Given the line
[tex]y=-3x-4,[/tex]and the curve
[tex]y=-3x^2-5x+2,[/tex]in order to find the point at which they intersect, we must consider the equation:
[tex]-3x-4=-3x^2-5x+2.[/tex]Since this is a quadratic equation, let's move everything to the left side so that it equals 0. In other words, let's add 3x², 5x and subtract 2 from both sides:
[tex]-3x-4+3x^2+5x-2=0,[/tex][tex]3x^2+2x-6=0.[/tex]Let's solve this equation using the general formula for quadratic equations:
[tex]x=\frac{-2\pm\sqrt[]{4-4(3)(-6)}}{2(3)},[/tex][tex]x=\frac{-2\pm\sqrt[]{4+72}}{6},[/tex][tex]x=\frac{-2\pm\sqrt[]{76}}{6},[/tex][tex]x=\frac{-2\pm2\cdot\sqrt[]{19}}{6}\text{.}[/tex]This gives us the following two values of x:
[tex]x=-\frac{1}{3}+\frac{1}{3}\cdot\sqrt[]{19},[/tex]and
[tex]x=-\frac{1}{3}-\frac{1}{3}\cdot\sqrt[]{19}.[/tex]Now we know the x-coordinate of the points of intersection. In order to get the y-coordinate, we substitute these values on either of the equations we were given to begin with.
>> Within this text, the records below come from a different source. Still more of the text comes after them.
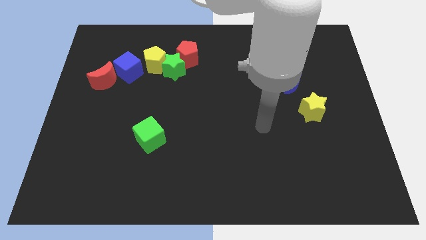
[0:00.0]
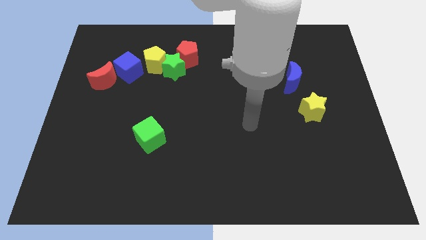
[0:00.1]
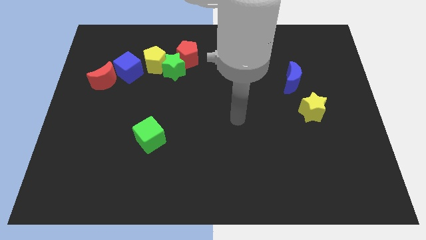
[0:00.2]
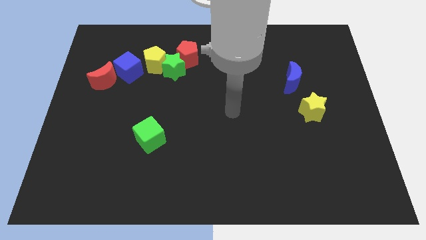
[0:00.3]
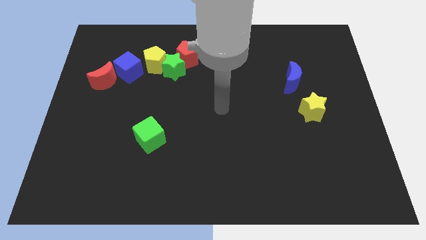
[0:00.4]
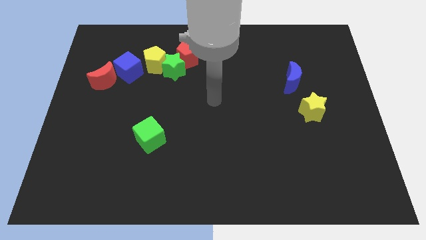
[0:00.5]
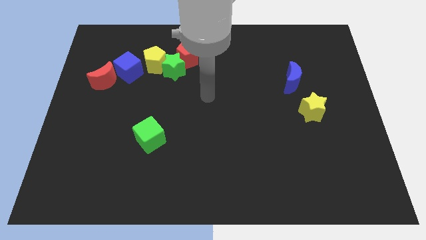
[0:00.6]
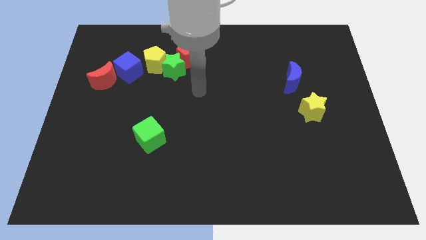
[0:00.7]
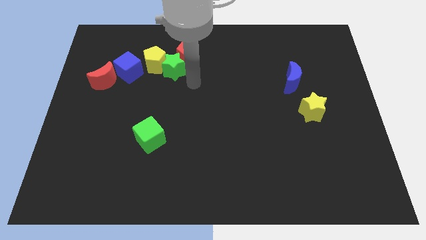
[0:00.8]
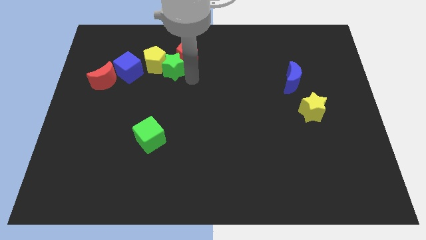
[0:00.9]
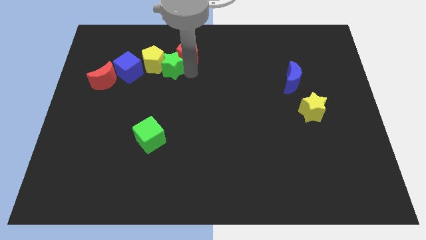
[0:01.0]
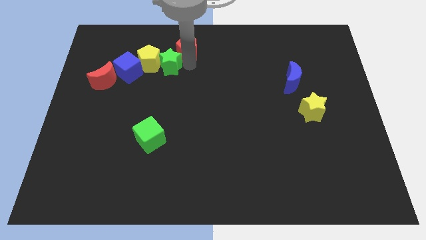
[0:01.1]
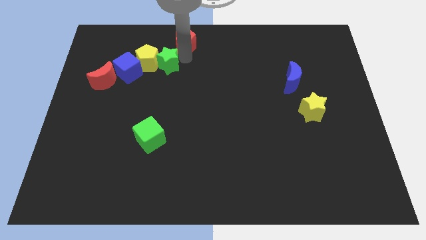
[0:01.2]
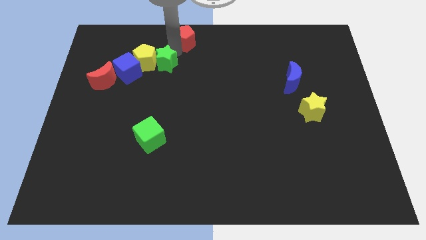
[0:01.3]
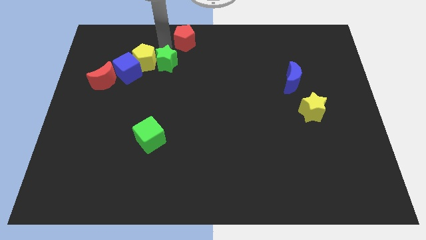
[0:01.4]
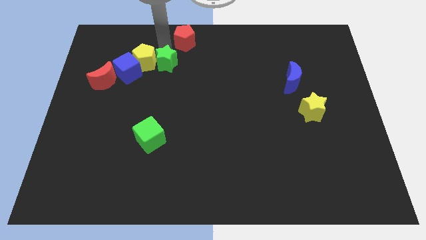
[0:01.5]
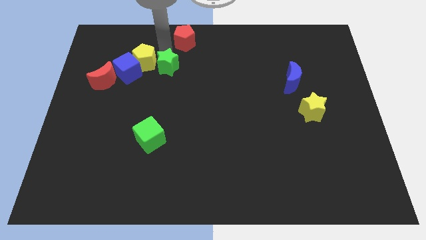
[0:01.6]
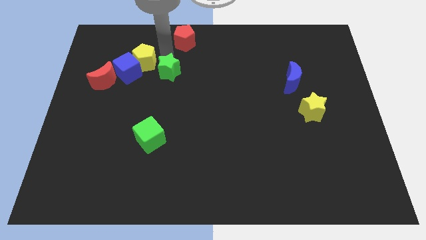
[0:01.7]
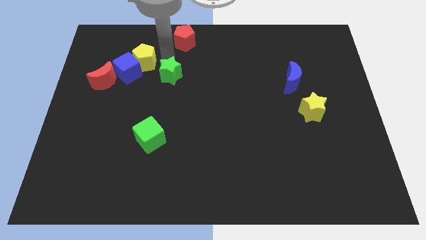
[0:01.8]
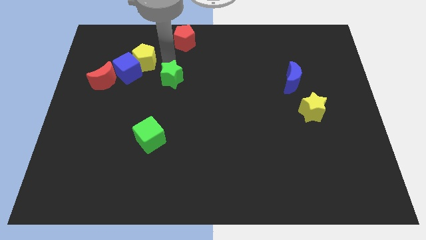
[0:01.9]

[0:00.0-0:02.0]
separate the green star from the yellow pentagon and red pentagon

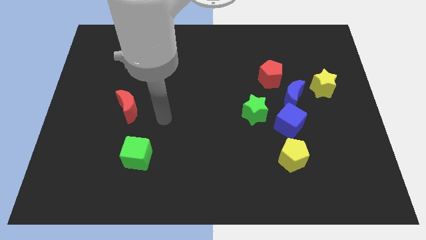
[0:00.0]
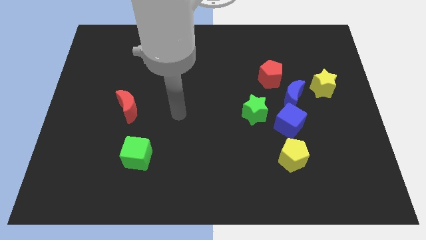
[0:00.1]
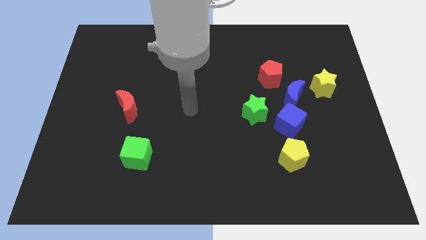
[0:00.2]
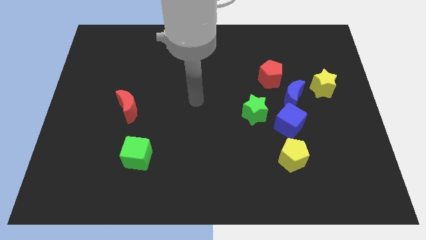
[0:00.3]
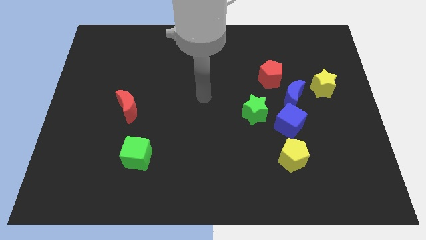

We'll do it on the line since it's easier:
On one hand:
[tex]y=-3(-\frac{1}{3}+\frac{1}{3}\cdot\sqrt[]{19})-4=1-\sqrt[]{19}-4=-3-\sqrt[]{19},[/tex]on the other:
[tex]y=-3(-\frac{1}{3}-\frac{1}{3}\cdot\sqrt[]{19})-4=1+\sqrt[]{19}-4=-3+\sqrt[]{19}.[/tex]So the points of intersection are
[tex](-\frac{1}{3}+\frac{1}{3}\cdot\sqrt[]{19},-3-\sqrt[]{19}),[/tex]and
[tex](-\frac{1}{3}-\frac{1}{3}\cdot\sqrt[]{19},-3+\sqrt[]{19}).[/tex]In the image, we can see the approximate values of these coordinates.